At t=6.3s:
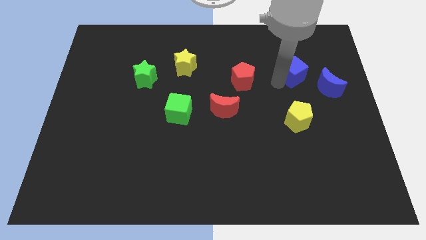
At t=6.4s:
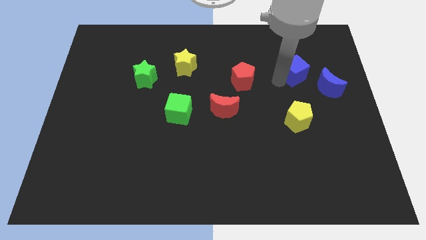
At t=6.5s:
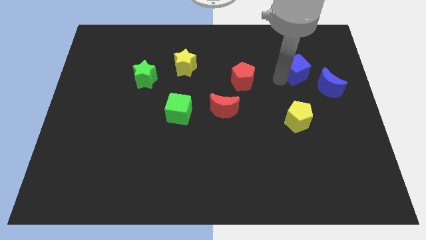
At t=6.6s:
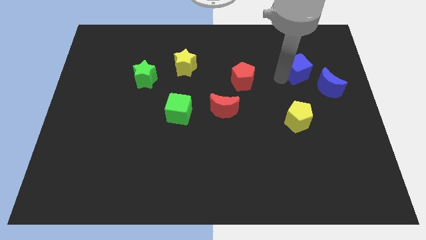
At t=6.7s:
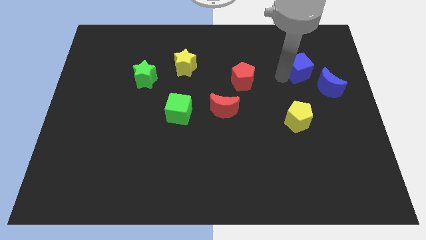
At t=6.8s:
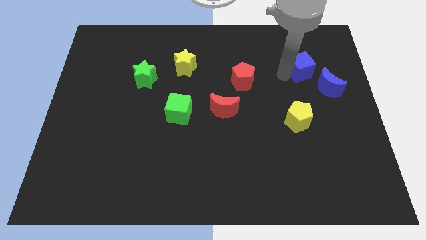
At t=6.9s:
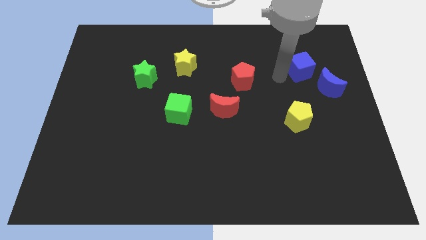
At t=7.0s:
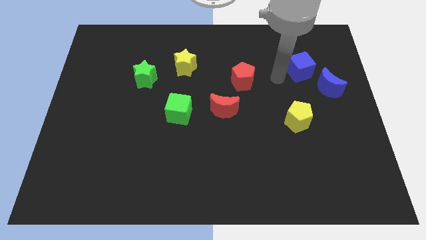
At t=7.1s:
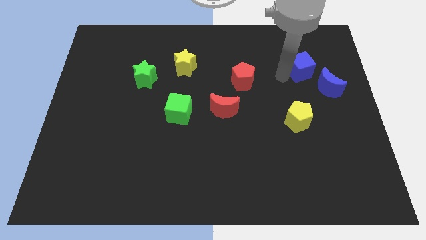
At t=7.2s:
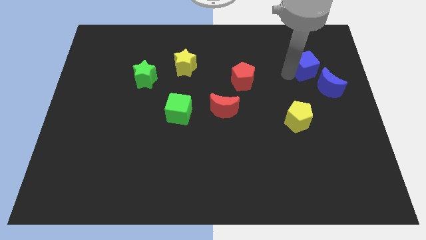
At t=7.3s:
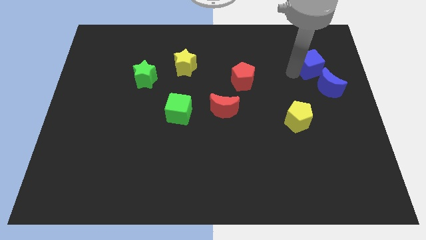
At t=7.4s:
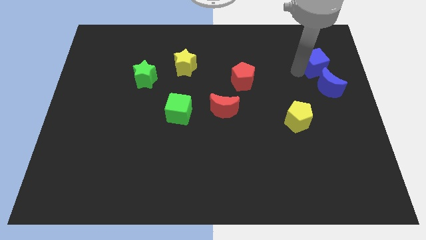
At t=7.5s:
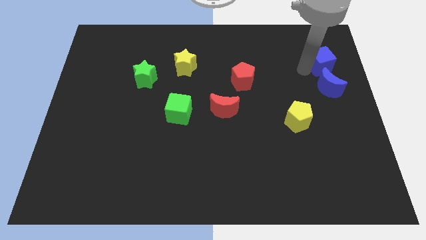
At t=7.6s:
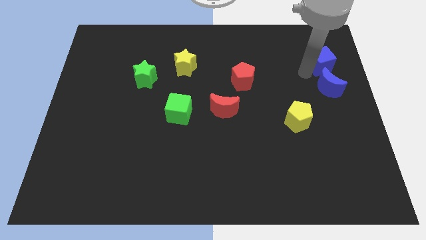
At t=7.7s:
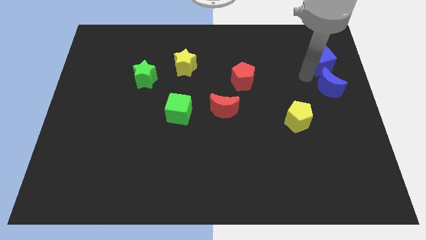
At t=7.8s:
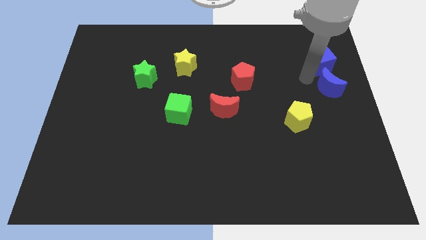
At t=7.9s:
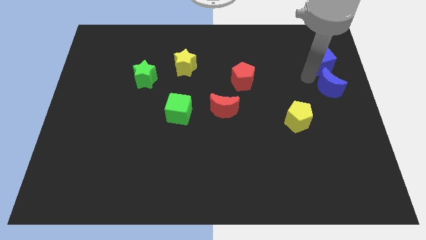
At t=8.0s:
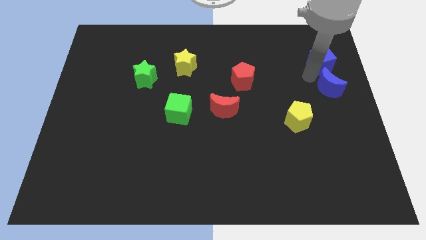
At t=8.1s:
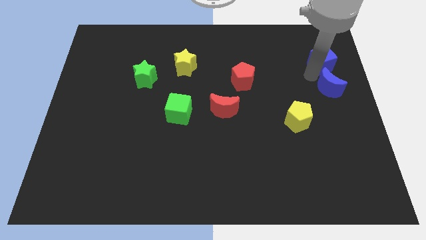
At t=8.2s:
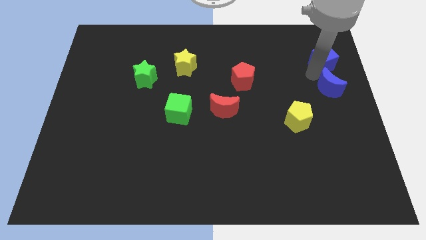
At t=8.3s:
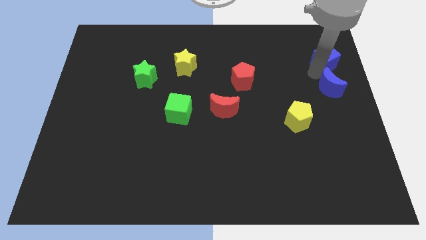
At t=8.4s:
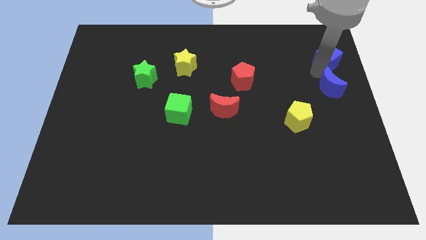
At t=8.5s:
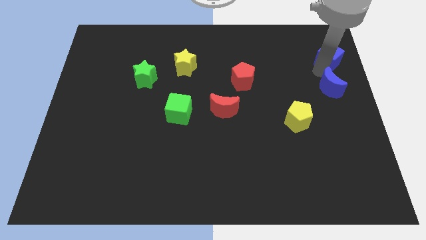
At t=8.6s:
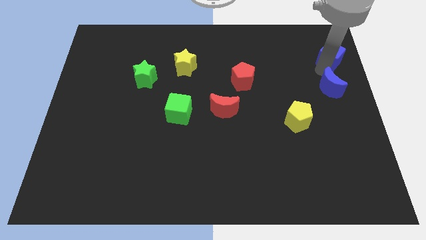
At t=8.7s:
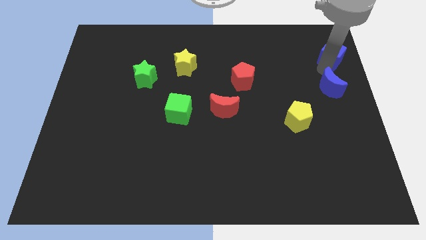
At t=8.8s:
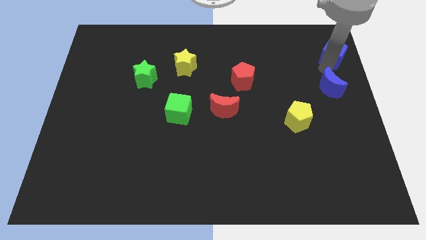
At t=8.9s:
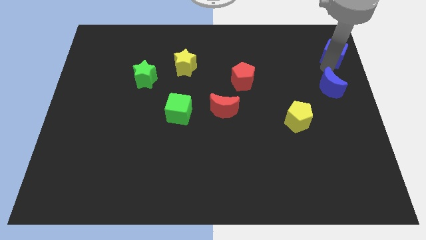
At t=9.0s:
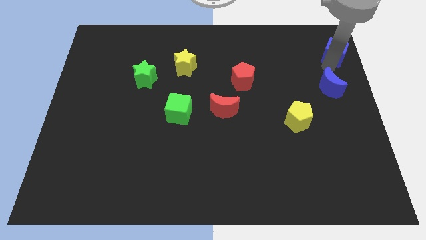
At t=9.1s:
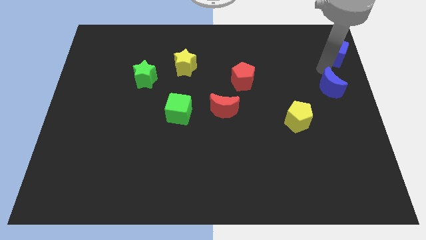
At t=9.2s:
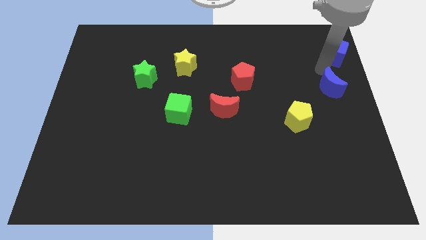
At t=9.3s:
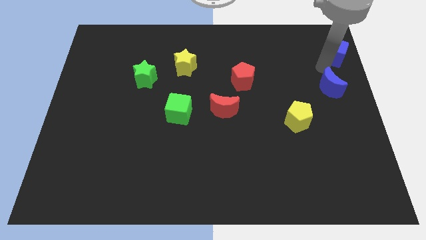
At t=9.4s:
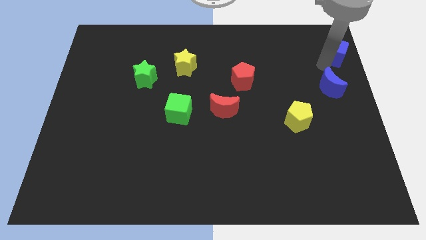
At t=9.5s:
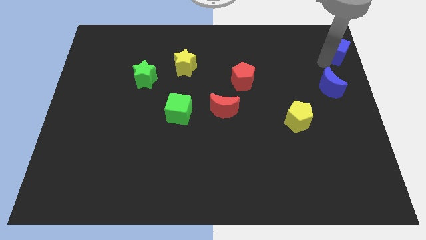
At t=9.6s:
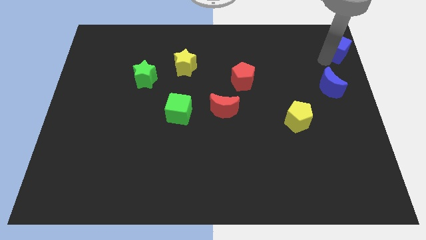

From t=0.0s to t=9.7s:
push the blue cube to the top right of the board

========================

- [What the exercise asks]
Retype the entries above word for word, minus any images.

- [Written solution]
At t=6.3s:
At t=6.4s:
At t=6.5s:
At t=6.6s:
At t=6.7s:
At t=6.8s:
At t=6.9s:
At t=7.0s:
At t=7.1s:
At t=7.2s:
At t=7.3s:
At t=7.4s:
At t=7.5s:
At t=7.6s:
At t=7.7s:
At t=7.8s:
At t=7.9s:
At t=8.0s:
At t=8.1s:
At t=8.2s:
At t=8.3s:
At t=8.4s:
At t=8.5s:
At t=8.6s:
At t=8.7s:
At t=8.8s:
At t=8.9s:
At t=9.0s:
At t=9.1s:
At t=9.2s:
At t=9.3s:
At t=9.4s:
At t=9.5s:
At t=9.6s:

From t=0.0s to t=9.7s:
push the blue cube to the top right of the board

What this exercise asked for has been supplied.